Dataset items:
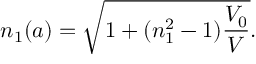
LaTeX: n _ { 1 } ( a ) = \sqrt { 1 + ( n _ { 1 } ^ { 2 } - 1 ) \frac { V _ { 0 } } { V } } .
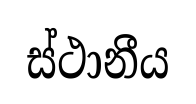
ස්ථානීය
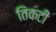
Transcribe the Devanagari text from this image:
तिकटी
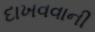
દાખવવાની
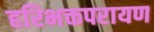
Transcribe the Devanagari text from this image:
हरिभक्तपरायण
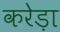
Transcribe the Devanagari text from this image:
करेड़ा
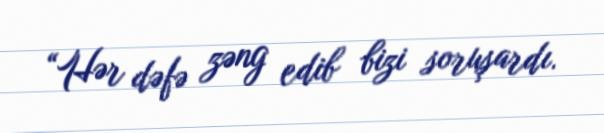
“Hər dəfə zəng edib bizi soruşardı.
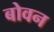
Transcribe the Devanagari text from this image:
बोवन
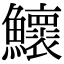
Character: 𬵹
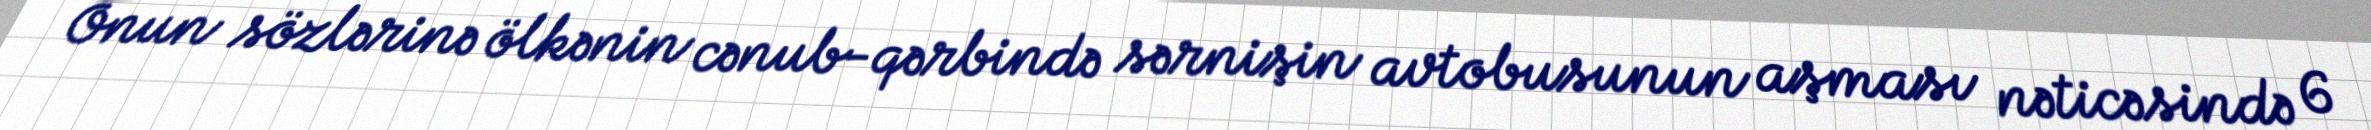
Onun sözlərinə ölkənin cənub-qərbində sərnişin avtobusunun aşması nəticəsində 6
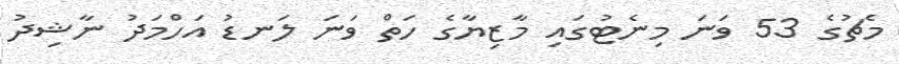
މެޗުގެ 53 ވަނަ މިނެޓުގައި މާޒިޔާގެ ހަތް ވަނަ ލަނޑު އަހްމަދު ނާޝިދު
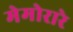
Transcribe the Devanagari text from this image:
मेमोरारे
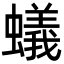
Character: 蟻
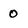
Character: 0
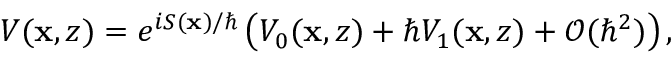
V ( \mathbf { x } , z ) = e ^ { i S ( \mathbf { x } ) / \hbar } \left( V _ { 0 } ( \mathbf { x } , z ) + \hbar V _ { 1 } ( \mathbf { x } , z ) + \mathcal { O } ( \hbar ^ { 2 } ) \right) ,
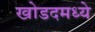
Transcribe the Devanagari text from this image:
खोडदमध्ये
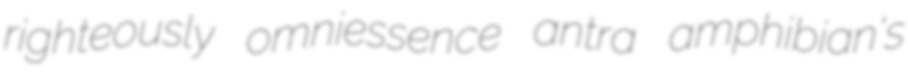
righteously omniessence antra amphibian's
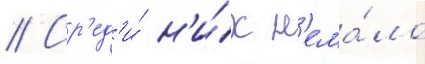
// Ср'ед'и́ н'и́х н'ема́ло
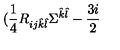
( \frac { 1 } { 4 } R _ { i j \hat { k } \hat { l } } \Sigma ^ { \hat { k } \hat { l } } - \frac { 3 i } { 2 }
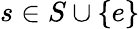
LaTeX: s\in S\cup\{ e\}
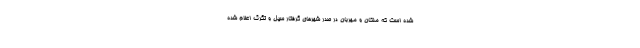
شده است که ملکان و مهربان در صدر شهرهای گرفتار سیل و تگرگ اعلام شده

ABOUT THIS EXERCISE: The answer must be an exact restatement of all the records, with no pictures included.

ANSWER TO THIS EXERCISE:
LaTeX: n _ { 1 } ( a ) = \sqrt { 1 + ( n _ { 1 } ^ { 2 } - 1 ) \frac { V _ { 0 } } { V } } .
ස්ථානීය
Transcribe the Devanagari text from this image:
तिकटी
દાખવવાની
Transcribe the Devanagari text from this image:
हरिभक्तपरायण
Transcribe the Devanagari text from this image:
करेड़ा
“Hər dəfə zəng edib bizi soruşardı.
Transcribe the Devanagari text from this image:
बोवन
Character: 𬵹
Onun sözlərinə ölkənin cənub-qərbində sərnişin avtobusunun aşması nəticəsində 6
މެޗުގެ 53 ވަނަ މިނެޓުގައި މާޒިޔާގެ ހަތް ވަނަ ލަނޑު އަހްމަދު ނާޝިދު
Transcribe the Devanagari text from this image:
मेमोरारे
Character: 蟻
Character: 0
V ( \mathbf { x } , z ) = e ^ { i S ( \mathbf { x } ) / \hbar } \left( V _ { 0 } ( \mathbf { x } , z ) + \hbar V _ { 1 } ( \mathbf { x } , z ) + \mathcal { O } ( \hbar ^ { 2 } ) \right) ,
Transcribe the Devanagari text from this image:
खोडदमध्ये
righteously omniessence antra amphibian's
// Ср'ед'и́ н'и́х н'ема́ло
( \frac { 1 } { 4 } R _ { i j \hat { k } \hat { l } } \Sigma ^ { \hat { k } \hat { l } } - \frac { 3 i } { 2 }
LaTeX: s\in S\cup\{ e\}
شده است که ملکان و مهربان در صدر شهرهای گرفتار سیل و تگرگ اعلام شده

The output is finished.